Feel the burn …
This article is part of a series on GPT-2. It’s best if you start in the beginning. The links are located at the bottom of the page.
The existing resources for GPT-2’s architecture are very good, but are written for experienced scientists and developers. This article is a concept roadmap to make GPT-2 more accessible to technically minded people who have not had formally schooling in the Natural Language Processing (NLP). It contains the best resources I discovered while learning about GPT-2.
- Linear Algebra — specifically matrix multiplication, vectors, and projections from one space onto another space with fewer dimensions
- Statistics — specifically probability distributions
- General Machine Learning Concepts — specifically supervised learning and unsupervised learning
- Neural Nets — general information about how each part works
- Training Neural Nets — general information about how training works specifically gradient descent, optimizers, back propagation, and updating weights.
Relevant concepts that underpin GPT-2 but don’t talk specifically about it. The amount of time after the title is the amount of time that I spent on each resource.
- Activation Functions (1/2 hr) — For each neuron, given an input and a weight (something to apply to that input), it should have a way to decide whether to fire or not. Current best activation functions are softmax (typically only used for output layer), relu, and swish, because they are efficient for computing gradients.
- Softmax Function (1 hr) — The softmax function maps a vector of real numbers to a vector of probability distributions. On the linked page look at the intro and the examples sections.
- Normalization (1 hr)—The act of controlling the mean and variance to make the learning (training) more effective, though the exact mechanics are not well understood. The intuitive explanation is that it makes the loss surface smoother and thus easier to navigate in a consistent way. There are different types of normalization including batch, layer, instance, and group. The transformer architecture uses layer normalization.

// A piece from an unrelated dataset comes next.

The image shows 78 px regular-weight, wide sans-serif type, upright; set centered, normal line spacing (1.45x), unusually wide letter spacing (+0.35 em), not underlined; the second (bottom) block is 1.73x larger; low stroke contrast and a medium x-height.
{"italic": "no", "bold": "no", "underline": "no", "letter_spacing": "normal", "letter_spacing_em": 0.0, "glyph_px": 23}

- Cross-Entropy Loss (1/2 hr)— Cross-entropy loss, or log loss, measures the performance of a classification model whose output is a probability value between 0 and 1. Cross-entropy loss increases as the predicted probability diverges from the actual label. So predicting a probability of .012 when the actual observation label is 1 would be bad and result in a high loss value. A perfect model would have a log loss of 0.

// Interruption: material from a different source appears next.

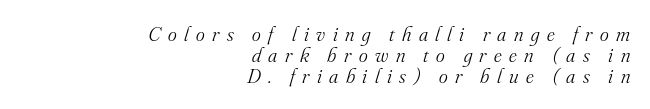
{"italic": "yes", "lean": "right", "slant_degrees": 16, "bold": "no", "underline": "no", "align": "right", "line_spacing": "tight", "line_spacing_ratio": 0.99, "letter_spacing": "wide", "letter_spacing_em": 0.36, "glyph_px": 21}

For the truly dedicated, the best approach is to learn about transformer class of NLP models (of which GPT-2 is one) and then proceed from there to the GPT-2. They would start with the first in class detailed in Attention is All You Need. The architecture described, the transformer, vastly simplified the existing state-of-the-art architecture by removing recurrent neural nets and convolution. They would then proceed to Open AI’s paper for GPT, Improving Language Understanding by Generative Pre-Training. Open AI simplifies the architecture even more by replacing the encoder-decoder blocks with only decoder blocks. Finally, they would read OpenAI’s paper for GPT-2, Language Models are Unsupervised Multitask Learners. There are very few changes between GPT and GPT-2. GPT-2 mostly just showcases what a transformer can do when deployed with many decoder blocks applied sequentially.
For the pragmatic learner, it is enough to read from abstract through approach sections and skim the results section from Language Models are Unsupervised Multitask Learners.
Transformers and GPT-2 specific explanations and concepts:
- The Illustrated Transformer (8 hr)— This is the original transformer described in Attention is All You Need. Pay special attention to self-attention. Don’t get thrown off by the author addressing embedding with time signal in two separate sections. Remember embedding with time signal actually comes after tokenization.
- The Illustrated GPT-2 (2 hr) — This describes GPT-2 in detail.
- Temperature Sampling, Top K Sampling, Top P Sampling — Ignore the specific implementations in the transformers library and focus on the explanations for the different types of sampling.
Well done! You are through the hardest part. Now it’s time to learn some new tools prior to fine-tuning GPT-2.
Articles in the series:
Everything GPT-2: 0. Intro
Everything GPT-2: 1. Architecture Overview
Everything GPT-2: 2. Architecture In-Depth
Everything GPT-2: 3. Tools
Everything GPT-2: 4. Data Preparation
Everything GPT-2: 5. Fine-Tuning
Everything GPT-2: 6. Optimizations
Everything GPT-2: 7. Production
All resources for articles in the series are centralized in this google drive folder.
(Aside) Think this stuff is pretty tough? So did I! I spent about 14 hours spread out across across 2 days to understand about 80 percent of it, and another month of working with it, rereading the papers and googling to get 15 percent more. I think the last five percent is for PhDs.